__Work item__
Filter the records below down to lines containing "this".
[Records provided]
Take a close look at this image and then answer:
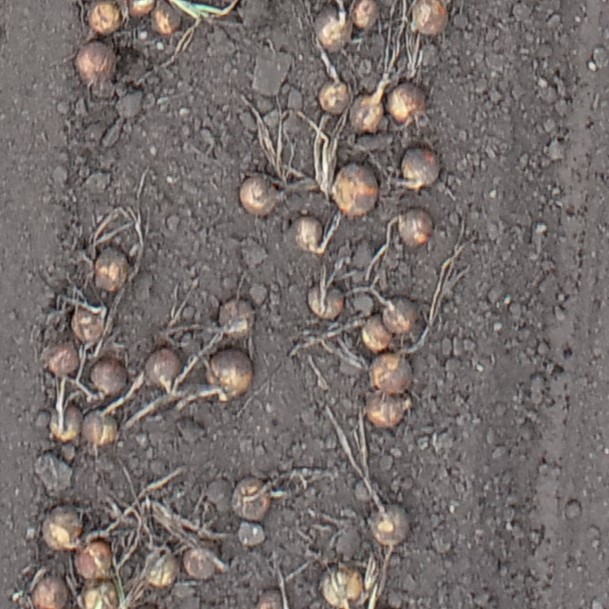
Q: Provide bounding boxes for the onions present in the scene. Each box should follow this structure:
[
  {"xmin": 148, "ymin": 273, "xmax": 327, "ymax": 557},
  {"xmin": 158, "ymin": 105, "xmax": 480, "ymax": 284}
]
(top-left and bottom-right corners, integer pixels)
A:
[
  {"xmin": 397, "ymin": 145, "xmax": 437, "ymax": 187},
  {"xmin": 73, "ymin": 42, "xmax": 116, "ymax": 84},
  {"xmin": 91, "ymin": 246, "xmax": 130, "ymax": 291},
  {"xmin": 310, "ymin": 596, "xmax": 342, "ymax": 609},
  {"xmin": 144, "ymin": 350, "xmax": 181, "ymax": 387},
  {"xmin": 364, "ymin": 391, "xmax": 405, "ymax": 427},
  {"xmin": 359, "ymin": 319, "xmax": 394, "ymax": 351},
  {"xmin": 328, "ymin": 166, "xmax": 380, "ymax": 215},
  {"xmin": 75, "ymin": 540, "xmax": 112, "ymax": 578},
  {"xmin": 128, "ymin": 0, "xmax": 153, "ymax": 18},
  {"xmin": 234, "ymin": 477, "xmax": 268, "ymax": 518},
  {"xmin": 290, "ymin": 218, "xmax": 325, "ymax": 254},
  {"xmin": 394, "ymin": 210, "xmax": 433, "ymax": 248},
  {"xmin": 46, "ymin": 409, "xmax": 81, "ymax": 443},
  {"xmin": 256, "ymin": 589, "xmax": 294, "ymax": 609},
  {"xmin": 151, "ymin": 6, "xmax": 179, "ymax": 35},
  {"xmin": 84, "ymin": 1, "xmax": 123, "ymax": 34},
  {"xmin": 180, "ymin": 547, "xmax": 216, "ymax": 579},
  {"xmin": 368, "ymin": 354, "xmax": 409, "ymax": 391},
  {"xmin": 206, "ymin": 350, "xmax": 251, "ymax": 398},
  {"xmin": 87, "ymin": 354, "xmax": 126, "ymax": 392},
  {"xmin": 381, "ymin": 297, "xmax": 417, "ymax": 337},
  {"xmin": 316, "ymin": 80, "xmax": 349, "ymax": 111},
  {"xmin": 350, "ymin": 93, "xmax": 384, "ymax": 131},
  {"xmin": 385, "ymin": 81, "xmax": 424, "ymax": 120},
  {"xmin": 41, "ymin": 507, "xmax": 81, "ymax": 548},
  {"xmin": 143, "ymin": 553, "xmax": 177, "ymax": 589},
  {"xmin": 314, "ymin": 11, "xmax": 349, "ymax": 47},
  {"xmin": 28, "ymin": 574, "xmax": 71, "ymax": 608},
  {"xmin": 369, "ymin": 507, "xmax": 409, "ymax": 546},
  {"xmin": 346, "ymin": 0, "xmax": 379, "ymax": 34},
  {"xmin": 215, "ymin": 299, "xmax": 250, "ymax": 337},
  {"xmin": 319, "ymin": 568, "xmax": 361, "ymax": 603},
  {"xmin": 80, "ymin": 580, "xmax": 119, "ymax": 608},
  {"xmin": 69, "ymin": 305, "xmax": 104, "ymax": 341},
  {"xmin": 306, "ymin": 284, "xmax": 341, "ymax": 318},
  {"xmin": 406, "ymin": 0, "xmax": 447, "ymax": 36},
  {"xmin": 82, "ymin": 413, "xmax": 118, "ymax": 447},
  {"xmin": 238, "ymin": 174, "xmax": 278, "ymax": 214},
  {"xmin": 42, "ymin": 343, "xmax": 78, "ymax": 377}
]
[/Records provided]
__Task answer__
Take a close look at this image and then answer:
Q: Provide bounding boxes for the onions present in the scene. Each box should follow this structure:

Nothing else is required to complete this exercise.